Semua siswa sekolah dasar Eropa (ELS) yang berbahasa Belanda hanya diikuti oleh anak-anak Eropa/Belanda. Sekolah pribumi disesuaikan dengan bahasa daerah dengan tambahan pelajaran bahasa Melayu (di wilayah non Melayu). Di sekolah kedokteran pribumi di Batavia dan sekolah guru di Soeracarta (yang keduanya dibuka tahun 1851) bahasa pengantarnya adalah bahasa Melayu. Anak-anak pribumi diberi kesempatan memasuki sekolah dasar Eropa (ELS) baru tahun 1880an. Oleh karena sudah ada beberapa sekolah guru di Hindia Belanda seperti di Padang Sidempoean, Fort de Kock, Bandoeng, Megelang dan Probolinggi, maka pada tahun 1887 terbit majalah Pendidikan di Probolinggo yang diberi nama Soeloeh Pengadjar. Salah satu editornya adalah Dja Endar Moeda seorang guru alumni sekolah guru Padang Sidempoean.

Kota besar seperti Batavia, Soerabaja dan Semarang serta Padang umumnya sudah banyak yang bisa berbahasa Melayu. Oleh karena itu, pada tahun 1853 muncul surat kabar berbahasa Melayu pertama di Soerabaja. Orang-orang timur asing seperti Cina dan Arab di kota-kota umumnya berbahasa Melayu. Setelah Soerabaja, surat kabar berbahasa Melayu muncul di Padang dan Batavia. Dalam situasi dan kondisi inilah pers berbahasa Belanda diantara orang Eropa/Belanda dan pers berbahasa Melayu oleh orang Eropa/Belanda diantara orang-orang pribumi sebagai (sasaran) pembaca.
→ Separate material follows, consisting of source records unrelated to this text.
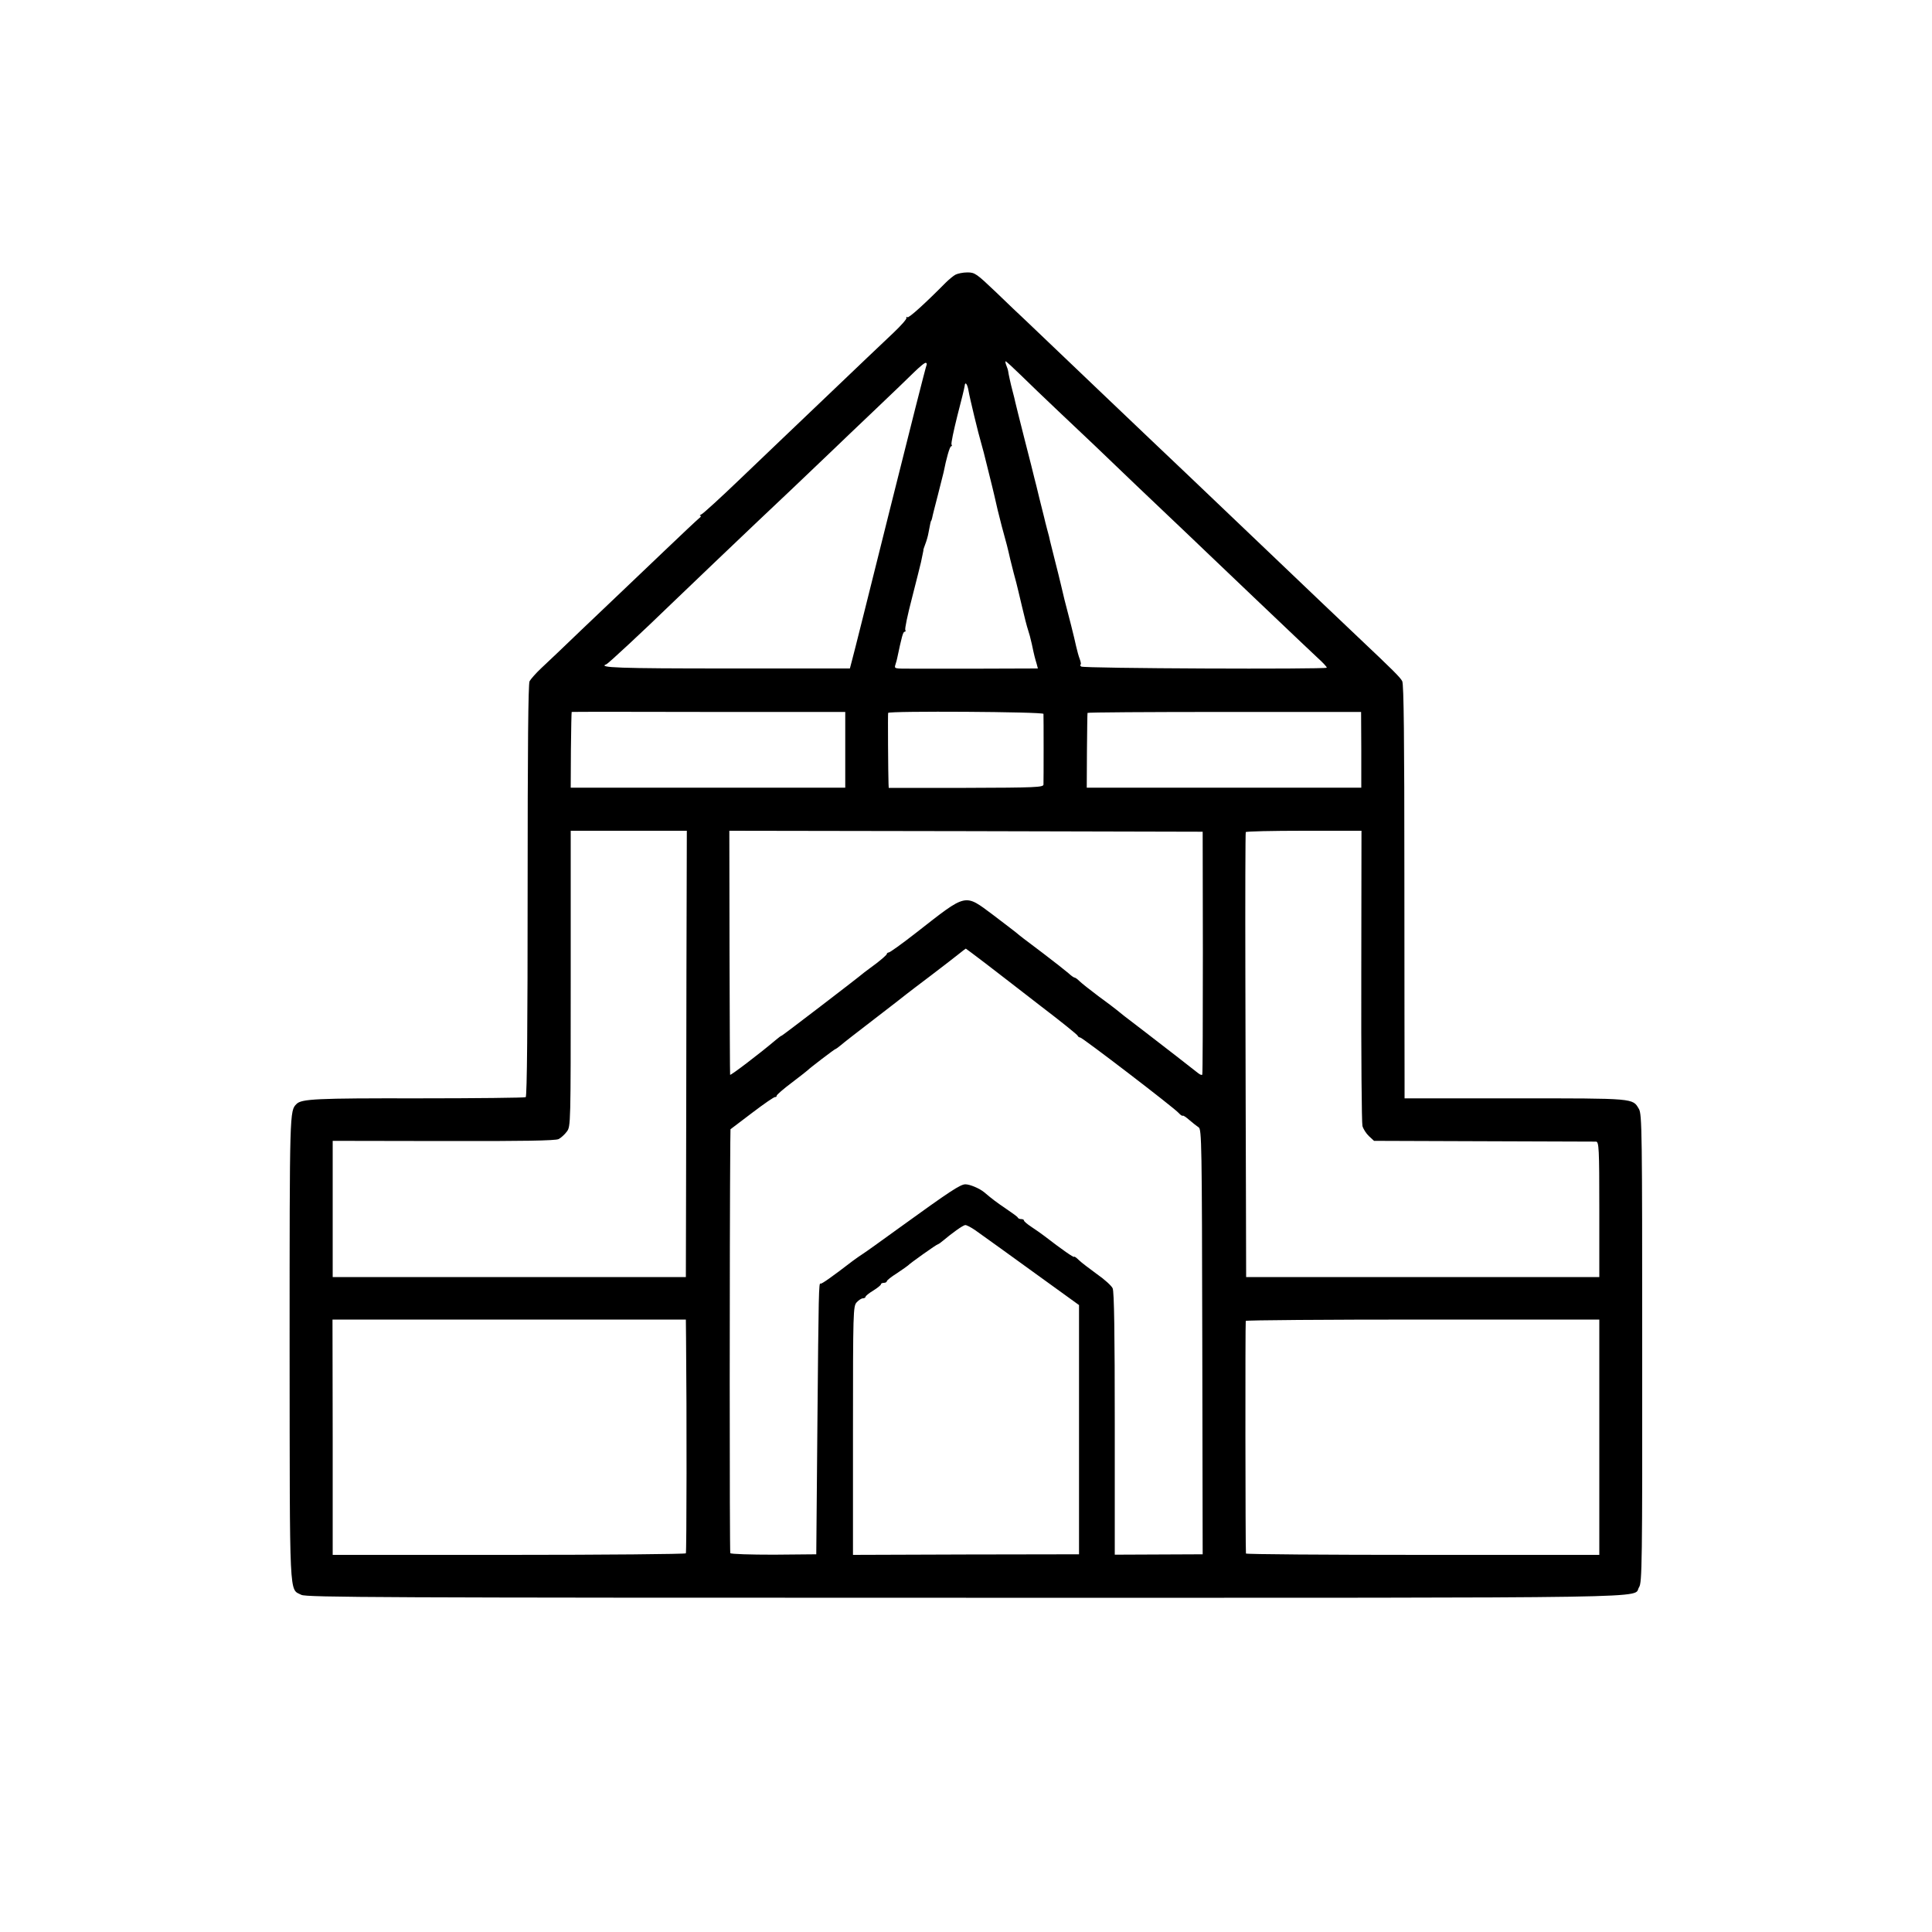 <?xml version="1.0" standalone="no"?>
<!DOCTYPE svg PUBLIC "-//W3C//DTD SVG 20010904//EN"
 "http://www.w3.org/TR/2001/REC-SVG-20010904/DTD/svg10.dtd">
<svg version="1.0" xmlns="http://www.w3.org/2000/svg"
 width="1000pt" height="1000pt" viewBox="0 0 1000 1000"
 preserveAspectRatio="xMidYMid meet">
<g transform="translate(0,1000) scale(0.1,-0.1)"
fill="#000000" stroke="none">
<path d="M4945 8578 c-11 -6 -34 -25 -51 -42 -110 -111 -192 -185 -198 -178
-4 4 -6 2 -4 -3 2 -6 -28 -40 -67 -77 -38 -36 -99 -94 -135 -128 -57 -55 -315
-300 -435 -415 -23 -22 -124 -119 -225 -215 -100 -96 -190 -178 -199 -182 -9
-4 -11 -7 -6 -8 6 0 2 -6 -7 -13 -9 -7 -92 -85 -184 -173 -91 -87 -188 -179
-214 -204 -26 -25 -119 -113 -207 -197 -87 -84 -182 -174 -210 -200 -28 -26
-56 -58 -62 -69 -7 -15 -10 -339 -10 -1084 0 -685 -3 -1065 -10 -1069 -5 -3
-256 -6 -558 -6 -526 1 -602 -3 -628 -29 -36 -36 -36 -30 -36 -1262 1 -1324
-3 -1246 61 -1279 26 -13 411 -15 3440 -15 3715 0 3445 -4 3484 55 15 23 17
119 16 1236 0 1115 -1 1213 -17 1239 -33 56 -18 55 -639 55 l-574 0 0 95 c0
52 -1 533 -1 1069 0 692 -3 980 -11 995 -10 20 -53 62 -218 218 -65 61 -308
293 -460 438 -127 121 -397 379 -430 410 -59 56 -336 319 -410 390 -135 129
-394 376 -434 414 -23 21 -90 85 -149 142 -103 98 -111 104 -150 104 -23 0
-51 -6 -62 -12z m-149 -467 c-3 -4 -89 -343 -191 -752 -102 -409 -190 -761
-196 -781 l-10 -38 -634 0 c-562 0 -675 4 -626 22 9 3 193 174 331 308 70 68
379 362 441 421 56 52 323 306 399 379 37 36 136 130 220 210 84 80 176 168
204 196 28 27 54 49 59 46 4 -2 5 -7 3 -11z m488 -53 c41 -40 129 -125 196
-188 67 -63 150 -142 185 -175 89 -86 350 -335 415 -396 30 -28 107 -102 171
-163 102 -98 375 -357 479 -456 20 -19 60 -57 89 -84 29 -26 51 -50 48 -52 -9
-9 -1261 -4 -1271 6 -5 5 -7 10 -3 10 3 0 2 12 -4 28 -6 15 -14 45 -19 67 -9
43 -42 173 -60 240 -5 22 -14 58 -19 80 -5 22 -19 78 -31 125 -12 47 -23 92
-25 100 -1 8 -8 35 -15 60 -7 25 -13 52 -15 60 -2 8 -13 53 -25 100 -11 47
-23 94 -26 105 -2 11 -25 100 -50 198 -25 98 -47 187 -49 196 -2 10 -8 35 -14
57 -10 37 -22 93 -23 104 0 3 -4 15 -9 28 -5 12 -6 22 -4 22 3 0 39 -33 79
-72z m-271 -80 c6 -37 52 -227 66 -273 5 -16 19 -70 31 -120 12 -49 24 -97 26
-105 2 -8 15 -62 28 -120 14 -58 30 -118 35 -135 5 -16 19 -70 30 -120 12 -49
26 -103 31 -120 4 -16 18 -73 30 -125 12 -52 26 -106 31 -120 5 -14 14 -47 20
-75 12 -58 16 -72 25 -102 l6 -23 -301 -1 c-165 0 -321 0 -346 0 -98 0 -97 -1
-90 22 4 12 8 27 9 33 23 109 30 136 38 136 5 0 7 4 4 9 -4 5 12 80 35 168 22
87 43 169 46 183 7 35 11 55 12 58 1 1 1 3 0 5 0 1 4 15 10 30 6 15 14 42 17
60 8 44 12 62 14 62 1 0 3 7 5 15 1 8 15 62 30 120 15 58 28 110 29 115 14 72
32 135 39 135 4 0 6 4 2 9 -3 6 11 72 30 148 20 76 37 146 38 155 2 26 14 11
20 -24z m-638 -1859 l0 -196 -710 0 -711 0 1 196 c1 108 3 196 4 196 0 1 319
1 708 0 l708 0 0 -196z m1026 186 c1 -14 1 -346 0 -366 -1 -14 -41 -16 -401
-17 l-400 0 -1 21 c-2 47 -4 362 -2 367 3 11 803 6 804 -5z m1645 -186 l0
-196 -710 0 -711 0 1 191 c1 105 2 193 3 196 0 3 319 5 709 5 l707 0 1 -196z
m-3493 -1156 c0 -406 -2 -926 -2 -1155 l-1 -418 -914 0 -914 0 0 353 0 352
573 -1 c410 -1 580 2 596 10 12 6 31 23 43 39 20 27 20 36 20 792 l0 765 300
0 301 0 -2 -737z m2673 107 c0 -344 -1 -628 -3 -632 -2 -4 -11 -1 -21 7 -36
29 -172 134 -277 215 -109 83 -124 95 -148 115 -7 6 -48 37 -92 69 -44 33 -88
68 -98 78 -10 10 -21 18 -25 18 -4 0 -18 10 -32 23 -14 12 -72 58 -130 102
-101 76 -117 88 -143 110 -7 6 -59 45 -115 88 -152 113 -134 117 -399 -90 -73
-57 -137 -103 -143 -103 -5 0 -10 -4 -10 -8 0 -4 -24 -25 -52 -47 -29 -21 -57
-43 -63 -47 -48 -40 -425 -328 -428 -328 -3 0 -18 -11 -33 -24 -84 -71 -234
-185 -235 -179 -1 5 -2 290 -3 636 l-1 627 1225 -2 1225 -3 1 -625z m820 -120
c-1 -412 2 -763 6 -778 4 -15 19 -39 34 -53 l26 -24 566 -2 c312 -1 574 -2
583 -2 15 -1 17 -33 17 -351 l0 -350 -914 0 -914 0 -1 413 c-1 226 -2 743 -3
1147 -1 404 0 738 2 743 2 4 137 7 301 7 l298 0 -1 -750z m-1947 65 c53 -41
182 -140 286 -221 105 -80 192 -150 193 -155 2 -5 8 -9 13 -9 11 0 488 -365
510 -391 9 -10 18 -16 21 -14 2 3 18 -8 35 -23 17 -15 38 -31 47 -37 16 -9 17
-86 19 -1110 l2 -1100 -227 -1 -228 -1 0 678 c0 461 -3 685 -11 701 -6 13 -42
46 -81 73 -38 28 -81 60 -94 73 -13 13 -24 20 -24 17 0 -7 -63 37 -155 108
-16 12 -47 34 -67 47 -21 14 -38 28 -38 33 0 4 -6 7 -14 7 -8 0 -16 3 -18 8
-1 4 -29 24 -60 45 -50 34 -69 48 -114 86 -24 20 -74 41 -97 41 -26 0 -78 -34
-342 -225 -91 -66 -176 -127 -189 -135 -14 -9 -37 -25 -53 -37 -108 -83 -162
-121 -166 -117 -9 9 -10 -50 -16 -711 l-6 -690 -220 -2 c-121 0 -222 3 -225 8
-4 6 -4 1631 0 2124 l1 70 112 85 c62 47 115 84 120 82 4 -1 7 2 7 7 0 4 35
35 78 67 42 32 79 61 82 64 10 11 140 110 144 110 2 0 15 9 28 20 12 11 91 72
173 135 83 64 157 121 165 128 8 7 67 51 130 99 63 48 129 99 145 112 17 14
32 25 34 26 1 0 46 -34 100 -75z m-52 -1382 c22 -16 82 -59 134 -96 52 -38
164 -119 249 -180 l155 -112 0 -645 0 -645 -585 -1 -585 -2 0 643 c0 618 1
644 19 664 11 12 25 21 33 21 7 0 13 4 13 8 0 4 18 19 40 32 22 14 40 28 40
33 0 4 7 7 15 7 8 0 15 4 15 8 0 5 24 24 53 42 28 19 54 37 57 40 8 10 149
110 155 110 3 0 15 9 27 19 45 38 103 80 114 80 6 1 29 -11 51 -26z m-1496
-560 c4 -390 3 -1106 -1 -1113 -3 -4 -415 -8 -917 -8 l-911 0 0 609 -1 609
915 0 914 0 1 -97z m4727 -512 l0 -609 -914 0 c-503 0 -914 3 -915 7 -3 18 -4
1197 -1 1204 2 4 414 7 917 7 l913 0 0 -609z"/>
</g>
</svg>

Sejauh ini investor surat kabar berbahasa Melayu masih orang-orang Eropa/Belanda. Pada tahun 1895 di Padang, keluarga Jerman penerbit surat kabar berbahasa Belanda di Padang memperluas usaha dengan menerbitkan surat kabar berbahasa Melayu yang diberinama Pertja Barat. Editor yang direkrut adalah seorang mantan guru pribumi yakni Dja Endar Moeda. Dalam hal ini dapat dikatakan bahwa Dja Endar Moeda adalah orang pribumi pertama yang menjadi editor surat kabat (berbahasa Melayu). Era baru pers berbahasa Melayu dimulai. Pada tahun 1900, Dja Endar Moeda di Padang mengakuisi surat kabar Pertja Barat dan percetakannnya. Pada tahun ini juga Dja Endar Moeda menerbitkan surat kabar baru berbahasa Melayu yang diberi nama Tapian Na Oeli dan majalah pembangunan yang diberinama Insulinde. Orang-orang Cina juga mulai ada yang onvestasi dalam persuratkabaran berbahasa Melayu. Pada tahun 1902 surat kabar berbahasa Belanda di Medan, De Sumatra Post memperluas bisnis denagn menerbitkanh surat kabar berbahasa Melayu dengan nama Pertja Timor. Editor yang direkrut adalah Hasan Nasution gelar Mangaradja Salamboewe, mantan seorang jaksa di Natal. Seperti halnya Saleh Harahap gelar Dja Endar Moeda, Mangaradja Salamboewe juga adalah alumni sekolah guru di Padang Sidempioean. Pada tahun 1903 Dr AA Fokker di Belanda menerbitkan majalah dwimingguan yang diberi nama Bintang Hindia. Untuk mengelolanya sebagai editor, Dr AA Fokker mantan guru bahasa Melayu di Belanda datang ke Hindia merekrut tiga ediotor yakni Abdoel Rivai, Djamaloedin dan Radjioen Harahap gelar Soetan Casajangan. Abdoel Rivai adalah alumni sekolah kedokteran Docter Djawa School di Batavia, Djamaloedin adalah alumni sekolah guru di Fort de Kock yang saat itu menjadi asisten editor majalah Insulinde yang dipimpin oleh Dja Endar Moeda. Soetan Casajangan adalah adik kelas Dja Endar Moeda di sekolah guru Padang Sidempoean, Pada tahun 1903 ini juga di Batavia, Karel Wijbrant pemimpin dan editor surat kabar berbahasa Melayu (mantan editor surat kabar De Sumatra Post) di Batavia merekrekrut editor pribumi yakni Tirto Adhi Soerjo (siswa yang belum lama drop out di Docter Djawa School). Mereka yang disebut tersebut adalah orang-orang pribumi pertama yang terjun dalam dunia pers (berbahasa Melayu).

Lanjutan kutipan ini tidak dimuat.